Chronic treatment of TE-8105-induced weight loss in DIO mice. (A) Body weight of DIO mice treated with PBS, and 3–100 nmol/kg of semaglutide or TE-8105 every 4 days for 40 days. (B) Body weight change of day 40 vs day 0. (C) Blood glucose levels and (D) % fat and lean mass post-treatment. (E) Percentage of iWAT cells with diameter ≤60 μM (black) and >60 μM (white) after treatment. (F) Total cholesterol and ALT levels post-treatment.

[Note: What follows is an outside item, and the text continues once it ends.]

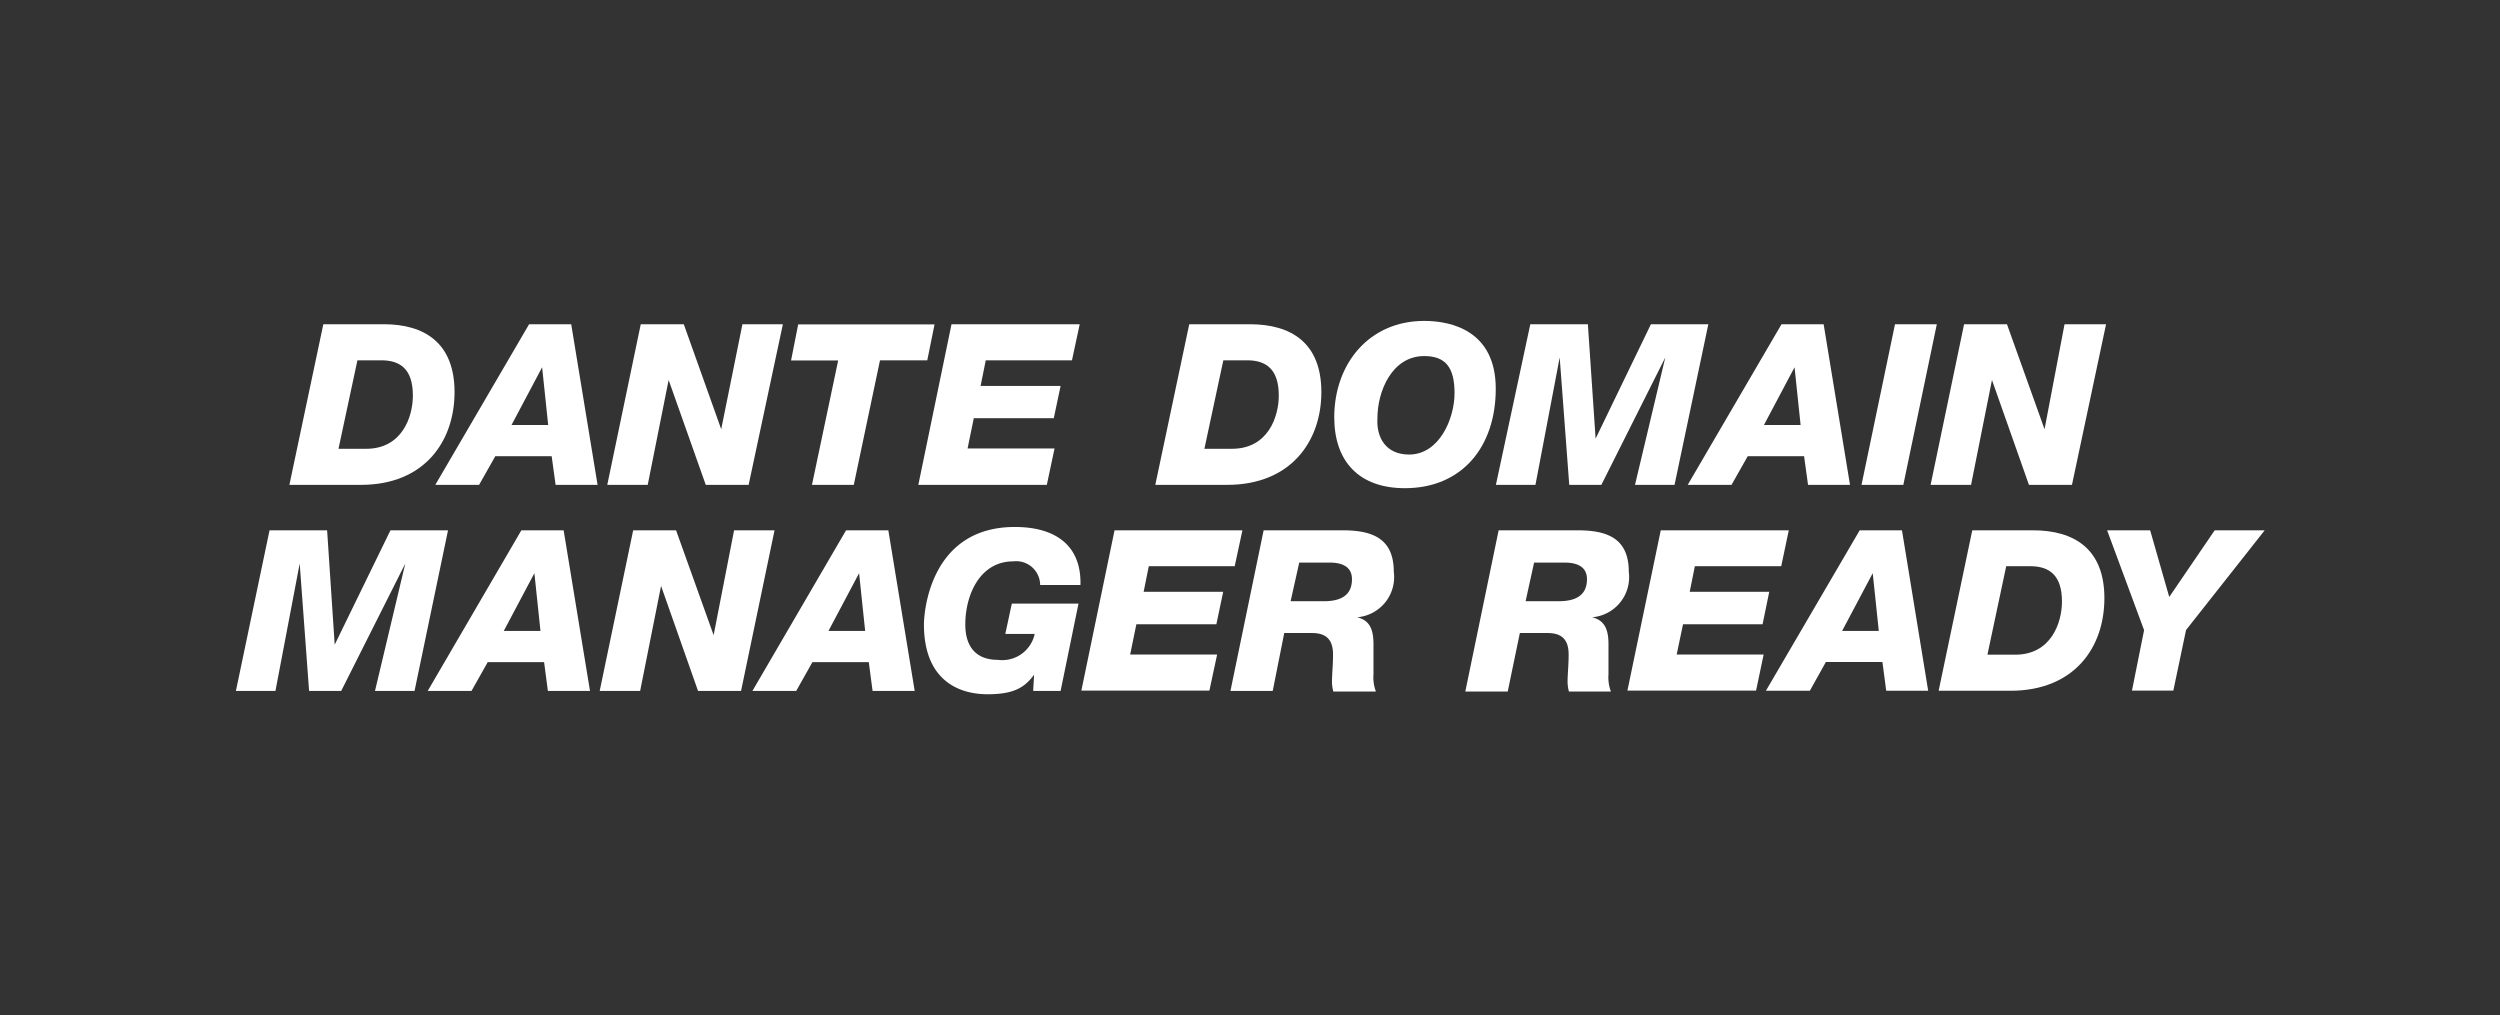 <svg xmlns="http://www.w3.org/2000/svg" viewBox="0 0 165 67"><rect x="0" y="0" width="165" height="67" fill="#333333" stroke="none"/><defs><style>.cls-1{fill:#fff;}</style></defs><title>ddm_ready</title><g id="Layer_1" data-name="Layer 1"><path class="cls-1" d="M21.34,21.4h4C28,21.4,30,22.62,30,25.88S28,32,23.83,32H19.1Zm1,8.22h1.83c2.38,0,3.08-2.13,3.08-3.51,0-1.73-.81-2.33-2.09-2.33H23.59Z"/><path class="cls-1" d="M34.92,21.4H37.7L39.44,32H36.67l-.26-1.89H32.69L31.62,32H28.73Zm-1.16,6.65h2.42l-.4-3.81h0Z"/><path class="cls-1" d="M42.29,21.4h2.84l2.47,6.93h0L49,21.4h2.67L49.41,32H46.58l-2.45-6.92h0L42.75,32H40.08Z"/><path class="cls-1" d="M61.2,23.78H58.08L56.35,32H53.59l1.73-8.21H52.21l.47-2.38h9Z"/><path class="cls-1" d="M62.8,21.4h8.46l-.51,2.38H65.06l-.34,1.69H70l-.45,2.13H64.27l-.41,2H69.6L69.09,32H60.61Z"/><path class="cls-1" d="M78.49,21.4h4c2.72,0,4.72,1.22,4.72,4.48S85.18,32,81,32H76.25Zm1,8.22h1.82c2.39,0,3.09-2.13,3.09-3.51,0-1.73-.82-2.33-2.09-2.33H80.74Z"/><path class="cls-1" d="M94,21.18c1.84,0,4.72.68,4.72,4.48s-2.2,6.56-6,6.56c-3,0-4.66-1.74-4.66-4.69C88.07,24,90.36,21.18,94,21.18ZM93,30c2,0,3-2.38,3-4.05s-.57-2.45-2-2.45c-2.14,0-3.09,2.34-3.09,4.09C90.83,28.91,91.49,30,93,30Z"/><path class="cls-1" d="M101,21.4h3.8l.51,7.55h0l3.65-7.55h3.79L110.52,32h-2.61l2-8.41h0L105.69,32h-2.12l-.63-8.41h0L101.34,32H98.73Z"/><path class="cls-1" d="M117.58,21.4h2.78L122.1,32h-2.77l-.26-1.89h-3.72L114.28,32h-2.89Zm-1.16,6.65h2.42l-.4-3.81h0Z"/><path class="cls-1" d="M125.07,21.4h2.76L125.62,32h-2.76Z"/><path class="cls-1" d="M129.63,21.4h2.83l2.48,6.93h0l1.32-6.93H139L136.75,32h-2.84l-2.44-6.92h0L130.09,32h-2.67Z"/><path class="cls-1" d="M17.79,35h3.8l.5,7.55h0L25.77,35h3.8L27.36,45.6H24.75l2-8.41h0L22.52,45.6H20.4l-.62-8.41h0L18.18,45.6H15.57Z"/><path class="cls-1" d="M34.41,35H37.2L38.94,45.6H36.16l-.25-1.9H32.19l-1.07,1.9H28.23Zm-1.16,6.64h2.42l-.4-3.81h0Z"/><path class="cls-1" d="M41.79,35h2.83l2.48,6.92h0L48.45,35h2.67L48.91,45.6H46.07l-2.44-6.93h0L42.25,45.6H39.58Z"/><path class="cls-1" d="M55.84,35h2.79L60.37,45.6H57.59l-.25-1.9H53.62l-1.07,1.9H49.66Zm-1.16,6.64H57.1l-.4-3.81h0Z"/><path class="cls-1" d="M68.65,38.61a1.58,1.58,0,0,0-1.77-1.56c-2.24,0-3.17,2.26-3.17,4.16,0,1.49.72,2.34,2.15,2.34a2.19,2.19,0,0,0,2.43-1.71H66.35l.43-2h4.4L70,45.6H68.19l.06-1.07h0c-.64.87-1.37,1.29-3.07,1.29-2,0-4.2-1-4.2-4.61,0-.8.4-6.43,6-6.43,2.67,0,4.4,1.21,4.33,3.83Z"/><path class="cls-1" d="M73.56,35H82l-.51,2.37H75.82l-.34,1.69h5.25l-.45,2.14H75l-.41,2h5.74l-.51,2.38H71.37Z"/><path class="cls-1" d="M83.4,35h5.19c1.93,0,3.4.49,3.4,2.74a2.66,2.66,0,0,1-2.42,3v0c.79.19,1.08.74,1.08,1.77,0,.77,0,1.36,0,2a2.61,2.61,0,0,0,.16,1.13H88a2.57,2.57,0,0,1-.09-.61c0-.55.07-1.11.07-1.83,0-.93-.4-1.42-1.38-1.42H84.76L84,45.6H81.21Zm1.78,4.68h2.2c1,0,1.85-.31,1.85-1.45,0-.9-.76-1.1-1.48-1.1h-2Z"/><path class="cls-1" d="M98.91,35h5.19c1.93,0,3.4.49,3.4,2.74a2.66,2.66,0,0,1-2.42,3v0c.78.19,1.08.74,1.08,1.77,0,.77,0,1.36,0,2a2.61,2.61,0,0,0,.16,1.13h-2.77a2.57,2.57,0,0,1-.09-.61c0-.55.07-1.11.07-1.83,0-.93-.4-1.42-1.38-1.42h-1.84l-.8,3.86H96.71Zm1.78,4.68h2.19c1,0,1.86-.31,1.86-1.45,0-.9-.76-1.1-1.49-1.1h-2Z"/><path class="cls-1" d="M109.61,35h8.45l-.5,2.37h-5.7l-.34,1.69h5.25l-.44,2.14h-5.25l-.42,2h5.74l-.5,2.38h-8.49Z"/><path class="cls-1" d="M122.74,35h2.79l1.73,10.59h-2.77l-.25-1.9h-3.73l-1.06,1.9h-2.9Zm-1.16,6.64H124l-.4-3.81h0Z"/><path class="cls-1" d="M130.17,35h4c2.71,0,4.72,1.21,4.72,4.48s-2,6.11-6.2,6.11h-4.74Zm1,8.21H133c2.39,0,3.09-2.13,3.09-3.51,0-1.72-.82-2.33-2.09-2.33h-1.59Z"/><path class="cls-1" d="M141.51,41.59,139.07,35h2.84l1.26,4.4,3-4.4h3.3l-5.19,6.58-.84,4h-2.73Z"/></g></svg>

Data shown as mean ± SEM and analyzed using ANOVA with multiple comparisons; *p < 0.05, **p < 0.01, ***p < 0.001, ****p < 0.0001.

Figure 6

Chronic treatment of TE-8105-induced weight loss in GAN-DIO-NASH mice. (A) Body weight of GAN-DIO-NASH mice treated daily with PBS, semaglutide (5 or 30 nmol/kg), or TE-8105 (5, 10, 30 nmol/kg) for 10 weeks. (B) Body weight change from day 0 to day 70. (C) Fat mass and (D) ALT levels of mice on days 0 and 70. (E) H&E staining of liver; 20× magnification. (F) Liver triglyceride levels post-treatment. Data shown as mean ± SEM. ANOVA with multiple comparisons for (B) and (F), Student’s t test for (C) and (D). *p < 0.05, **p < 0.01, ***p < 0.001, ****p < 0.0001.